Ее посетила мысль позвать на помощь, но она тут же запретила себе даже думать об этом – кто знает, что шуты с ней в таком случае сделают… а если никто ей не поможет?..
Похитители (больше никакие не покупатели) Сабрины оказались на трамвайной станции. Они остановились, и кукла с тревогой принялась гадать, что же будет дальше.
Вскоре подошел трамвай, и она больше ничего не смогла разглядеть из-за подступивших вплотную людей.
Шуты, в свойственной им грубой манере, начали расталкивать всех кругом, и забрались в вагон в числе первых. Как минимум попытались.
Судя по вдруг поднявшейся волне ругательств, Гуффина, который ее нес, задел локтем кто-то из пассажиров.
Сабрина знала, что все шуты – задиры, и привычка цепляться к прочим – едва ли не ключевая часть их профессии, ну а эти двое были явно лучшими (или худшими) представителями своего племени.
– Эй, ты! – взвизгнул Гуффин в стиле оскорбленной до глубины души, истеричной примы-балерины. – Грязнуля-заморыш! Смотри, куда прешь! И вообще ты погляди на себя! Весь в грязи и листьях – небось, под скамейкой дрых! В таком виде нельзя ездить в трамваях с приличными людьми!
Что-то подсказывало Сабрине, что самого Гуффина вряд ли можно было назвать приличным человеком.
Незнакомец промолчал и, судя по всему, даже не удостоил взглядом шута.
Меж тем уже все пассажиры зашли в вагон. Двери-гармошки со скрежетом закрылись, и из медных рупоров-вещателей раздался голос: «Следующая станция – “Пожарная Часть”». После чего трамвай качнулся и тронулся в путь. А со станции раздавались чьи-то отдаляющиеся вопли: «Билеты! Кто-то украл мои билеты! Проклятый город!..»
В вагоне же сцена с участием трех человек и одного мешка с куклой внутри возымела продолжение:
– Эй, ты! – Склочный Гуффин явно не собирался так просто оставлять инцидент с задеванием локтем. – Грязнуля-заморыш! Да-да, ты – заморыш! Не прикидывайся, что не понял! Хватит глазеть в окно! С тобой говорят!

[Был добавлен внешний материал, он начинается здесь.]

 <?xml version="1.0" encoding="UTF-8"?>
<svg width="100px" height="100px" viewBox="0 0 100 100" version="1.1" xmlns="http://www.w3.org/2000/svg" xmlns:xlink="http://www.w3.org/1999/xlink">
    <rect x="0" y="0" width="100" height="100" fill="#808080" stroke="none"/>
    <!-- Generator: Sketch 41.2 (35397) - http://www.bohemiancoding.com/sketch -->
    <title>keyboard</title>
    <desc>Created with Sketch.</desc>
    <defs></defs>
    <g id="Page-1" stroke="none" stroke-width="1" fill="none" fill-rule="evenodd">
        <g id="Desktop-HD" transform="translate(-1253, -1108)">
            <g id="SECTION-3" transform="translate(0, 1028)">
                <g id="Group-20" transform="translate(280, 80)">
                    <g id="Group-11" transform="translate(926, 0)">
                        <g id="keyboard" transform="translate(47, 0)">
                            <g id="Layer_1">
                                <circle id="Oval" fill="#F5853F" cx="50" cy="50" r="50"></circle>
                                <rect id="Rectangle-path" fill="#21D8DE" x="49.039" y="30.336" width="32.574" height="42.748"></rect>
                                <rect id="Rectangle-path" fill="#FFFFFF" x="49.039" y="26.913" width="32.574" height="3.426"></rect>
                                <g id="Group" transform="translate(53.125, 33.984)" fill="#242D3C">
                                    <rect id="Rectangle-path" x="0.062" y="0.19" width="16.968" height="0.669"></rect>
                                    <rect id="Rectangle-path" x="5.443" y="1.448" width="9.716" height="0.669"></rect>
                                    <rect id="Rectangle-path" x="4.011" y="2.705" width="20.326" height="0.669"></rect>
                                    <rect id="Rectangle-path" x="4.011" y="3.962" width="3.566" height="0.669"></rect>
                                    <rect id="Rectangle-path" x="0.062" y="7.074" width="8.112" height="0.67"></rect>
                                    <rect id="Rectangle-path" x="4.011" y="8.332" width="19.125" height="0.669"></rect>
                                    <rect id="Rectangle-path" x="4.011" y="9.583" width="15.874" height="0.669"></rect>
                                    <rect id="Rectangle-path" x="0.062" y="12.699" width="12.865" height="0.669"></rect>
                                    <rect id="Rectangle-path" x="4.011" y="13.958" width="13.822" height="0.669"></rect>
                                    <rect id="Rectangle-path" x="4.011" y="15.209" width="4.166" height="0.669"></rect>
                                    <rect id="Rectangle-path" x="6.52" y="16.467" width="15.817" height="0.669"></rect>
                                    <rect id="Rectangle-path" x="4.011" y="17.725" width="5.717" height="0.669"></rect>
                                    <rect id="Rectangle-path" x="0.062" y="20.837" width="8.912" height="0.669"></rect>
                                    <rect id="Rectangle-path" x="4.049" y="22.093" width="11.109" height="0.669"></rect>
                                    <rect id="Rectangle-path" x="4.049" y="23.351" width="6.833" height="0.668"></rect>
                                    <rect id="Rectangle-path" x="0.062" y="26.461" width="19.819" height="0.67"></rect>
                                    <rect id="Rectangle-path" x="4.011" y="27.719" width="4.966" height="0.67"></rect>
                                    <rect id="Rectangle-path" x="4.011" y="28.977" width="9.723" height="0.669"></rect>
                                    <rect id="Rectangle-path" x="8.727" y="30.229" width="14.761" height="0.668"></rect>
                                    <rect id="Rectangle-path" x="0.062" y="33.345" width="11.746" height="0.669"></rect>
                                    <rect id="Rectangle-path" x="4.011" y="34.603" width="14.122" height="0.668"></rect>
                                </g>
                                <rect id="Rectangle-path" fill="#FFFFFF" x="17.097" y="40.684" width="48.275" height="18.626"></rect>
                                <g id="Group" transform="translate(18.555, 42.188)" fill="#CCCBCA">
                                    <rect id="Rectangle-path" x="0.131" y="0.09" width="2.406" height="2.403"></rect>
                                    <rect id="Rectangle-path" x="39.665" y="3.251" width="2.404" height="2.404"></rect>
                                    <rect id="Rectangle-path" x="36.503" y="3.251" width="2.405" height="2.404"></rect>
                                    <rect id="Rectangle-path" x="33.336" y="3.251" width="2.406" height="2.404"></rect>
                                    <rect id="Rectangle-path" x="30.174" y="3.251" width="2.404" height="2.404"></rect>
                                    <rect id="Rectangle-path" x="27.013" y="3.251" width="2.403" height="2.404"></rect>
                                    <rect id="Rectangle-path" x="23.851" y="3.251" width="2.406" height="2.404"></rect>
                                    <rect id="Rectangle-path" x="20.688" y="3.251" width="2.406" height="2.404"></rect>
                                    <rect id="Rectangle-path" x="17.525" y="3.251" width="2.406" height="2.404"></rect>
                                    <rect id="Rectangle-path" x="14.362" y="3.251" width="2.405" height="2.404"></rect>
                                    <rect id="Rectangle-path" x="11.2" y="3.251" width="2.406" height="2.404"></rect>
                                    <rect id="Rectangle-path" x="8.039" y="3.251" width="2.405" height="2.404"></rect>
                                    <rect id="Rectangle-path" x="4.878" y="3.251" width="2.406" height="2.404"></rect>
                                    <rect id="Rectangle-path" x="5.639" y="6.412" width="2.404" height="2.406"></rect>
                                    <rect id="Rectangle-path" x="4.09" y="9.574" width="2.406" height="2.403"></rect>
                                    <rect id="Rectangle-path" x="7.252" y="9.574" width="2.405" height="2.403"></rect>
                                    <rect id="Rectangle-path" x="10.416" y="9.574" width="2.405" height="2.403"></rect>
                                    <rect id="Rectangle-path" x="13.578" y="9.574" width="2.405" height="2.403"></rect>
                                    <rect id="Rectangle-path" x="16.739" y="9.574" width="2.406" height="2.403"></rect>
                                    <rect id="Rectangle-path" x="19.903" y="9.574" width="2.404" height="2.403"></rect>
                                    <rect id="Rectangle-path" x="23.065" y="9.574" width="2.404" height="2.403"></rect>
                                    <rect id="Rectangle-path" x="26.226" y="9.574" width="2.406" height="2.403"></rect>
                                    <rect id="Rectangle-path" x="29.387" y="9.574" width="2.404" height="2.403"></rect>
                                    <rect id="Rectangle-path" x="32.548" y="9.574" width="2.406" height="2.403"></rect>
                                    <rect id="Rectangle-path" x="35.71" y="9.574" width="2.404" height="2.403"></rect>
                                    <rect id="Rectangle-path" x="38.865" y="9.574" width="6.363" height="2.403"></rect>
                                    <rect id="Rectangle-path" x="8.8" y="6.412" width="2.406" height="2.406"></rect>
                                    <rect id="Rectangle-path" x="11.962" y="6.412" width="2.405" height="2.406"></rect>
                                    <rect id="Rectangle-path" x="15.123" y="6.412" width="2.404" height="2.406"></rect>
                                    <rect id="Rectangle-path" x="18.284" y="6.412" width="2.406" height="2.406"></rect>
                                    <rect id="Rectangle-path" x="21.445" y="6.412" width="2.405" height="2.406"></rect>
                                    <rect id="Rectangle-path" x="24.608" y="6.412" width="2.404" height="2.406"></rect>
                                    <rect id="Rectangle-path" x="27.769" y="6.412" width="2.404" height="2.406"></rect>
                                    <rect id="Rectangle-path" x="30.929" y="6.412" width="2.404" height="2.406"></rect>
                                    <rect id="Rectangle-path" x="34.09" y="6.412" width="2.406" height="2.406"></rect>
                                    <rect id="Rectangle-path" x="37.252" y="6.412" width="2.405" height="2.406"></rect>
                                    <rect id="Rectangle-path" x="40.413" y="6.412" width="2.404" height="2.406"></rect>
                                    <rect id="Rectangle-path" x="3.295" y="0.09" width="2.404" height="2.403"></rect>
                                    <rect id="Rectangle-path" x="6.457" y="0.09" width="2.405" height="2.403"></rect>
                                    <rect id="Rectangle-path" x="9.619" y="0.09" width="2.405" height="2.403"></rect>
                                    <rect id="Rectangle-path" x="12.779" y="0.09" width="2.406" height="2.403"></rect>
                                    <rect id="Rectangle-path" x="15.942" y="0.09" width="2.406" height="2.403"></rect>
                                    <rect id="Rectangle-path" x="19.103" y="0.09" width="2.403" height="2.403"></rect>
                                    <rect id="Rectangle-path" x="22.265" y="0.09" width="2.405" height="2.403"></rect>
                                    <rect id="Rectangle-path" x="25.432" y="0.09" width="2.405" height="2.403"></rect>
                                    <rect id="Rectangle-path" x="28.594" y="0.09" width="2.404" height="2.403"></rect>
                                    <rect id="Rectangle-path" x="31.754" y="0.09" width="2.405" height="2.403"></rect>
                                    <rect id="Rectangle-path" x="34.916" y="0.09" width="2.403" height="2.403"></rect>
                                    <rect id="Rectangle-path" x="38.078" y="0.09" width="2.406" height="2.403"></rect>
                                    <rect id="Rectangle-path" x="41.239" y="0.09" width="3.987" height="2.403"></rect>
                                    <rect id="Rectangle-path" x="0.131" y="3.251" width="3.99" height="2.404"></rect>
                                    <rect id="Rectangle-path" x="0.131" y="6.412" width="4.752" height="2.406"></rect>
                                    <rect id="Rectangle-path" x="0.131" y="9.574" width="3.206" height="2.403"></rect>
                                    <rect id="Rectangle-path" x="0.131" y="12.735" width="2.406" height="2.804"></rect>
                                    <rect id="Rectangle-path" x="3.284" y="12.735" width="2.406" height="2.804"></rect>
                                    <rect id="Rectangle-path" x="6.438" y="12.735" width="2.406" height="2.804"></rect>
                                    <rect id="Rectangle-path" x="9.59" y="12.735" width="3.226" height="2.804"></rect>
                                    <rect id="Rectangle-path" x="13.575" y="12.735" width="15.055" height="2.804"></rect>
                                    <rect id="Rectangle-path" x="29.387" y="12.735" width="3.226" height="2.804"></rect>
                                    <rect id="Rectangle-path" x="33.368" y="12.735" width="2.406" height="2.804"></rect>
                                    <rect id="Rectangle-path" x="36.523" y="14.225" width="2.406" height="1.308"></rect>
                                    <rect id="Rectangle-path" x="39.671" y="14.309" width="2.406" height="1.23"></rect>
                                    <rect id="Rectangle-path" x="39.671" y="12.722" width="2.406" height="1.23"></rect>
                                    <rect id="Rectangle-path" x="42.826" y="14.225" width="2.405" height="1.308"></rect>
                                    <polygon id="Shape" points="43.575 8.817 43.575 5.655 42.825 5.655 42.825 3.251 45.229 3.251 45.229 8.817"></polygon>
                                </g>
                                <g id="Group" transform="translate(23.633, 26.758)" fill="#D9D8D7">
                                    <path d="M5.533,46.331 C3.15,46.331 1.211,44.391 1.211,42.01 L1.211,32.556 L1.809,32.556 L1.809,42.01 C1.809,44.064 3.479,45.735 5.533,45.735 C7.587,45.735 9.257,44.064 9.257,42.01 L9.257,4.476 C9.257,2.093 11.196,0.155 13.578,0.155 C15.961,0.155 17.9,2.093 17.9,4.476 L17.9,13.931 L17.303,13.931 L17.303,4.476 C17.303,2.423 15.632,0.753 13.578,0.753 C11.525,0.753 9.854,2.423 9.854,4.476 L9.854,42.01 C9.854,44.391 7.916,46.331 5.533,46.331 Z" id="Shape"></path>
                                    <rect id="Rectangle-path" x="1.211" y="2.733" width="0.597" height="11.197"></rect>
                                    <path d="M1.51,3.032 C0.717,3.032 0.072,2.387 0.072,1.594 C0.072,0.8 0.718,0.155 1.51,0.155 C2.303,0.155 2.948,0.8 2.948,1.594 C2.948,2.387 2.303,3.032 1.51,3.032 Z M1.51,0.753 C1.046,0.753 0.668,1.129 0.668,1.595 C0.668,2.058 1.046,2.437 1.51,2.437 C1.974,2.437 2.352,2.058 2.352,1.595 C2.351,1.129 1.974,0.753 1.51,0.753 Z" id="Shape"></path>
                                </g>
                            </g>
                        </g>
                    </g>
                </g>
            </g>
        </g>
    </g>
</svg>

Ты только глянь на него, Фортт! И кто это в наше-то время носит костюмы, пошитые из обивки кресел? Старухи из Сонного района?
– Оставь его, Гуффин! – прошептал распалившемуся спутнику Фортт, склонившись к самому его уху. – Я видел, у него в руках что-то блеснуло. Кажется, это был нож…
Гуффина эти слова, видимо, не на шутку испугали, и он спешно пошел на попятную: помимо склонности задирать людей, хороший шут умеет мастерски увиливать от драк, в которых не силен:
– Ладно, мистер, уж не обессудьте, – пробормотал он. – Мое трамвайное безрассудство не выдерживает никакой критики. Не стоило мне грубить – просто плохой день, понимаете? Уверен, вы не обиделись и не броситесь на меня с вашим чудесным ножичком – я же вижу, что вы выше этого, как фонарный столб – выше карлика.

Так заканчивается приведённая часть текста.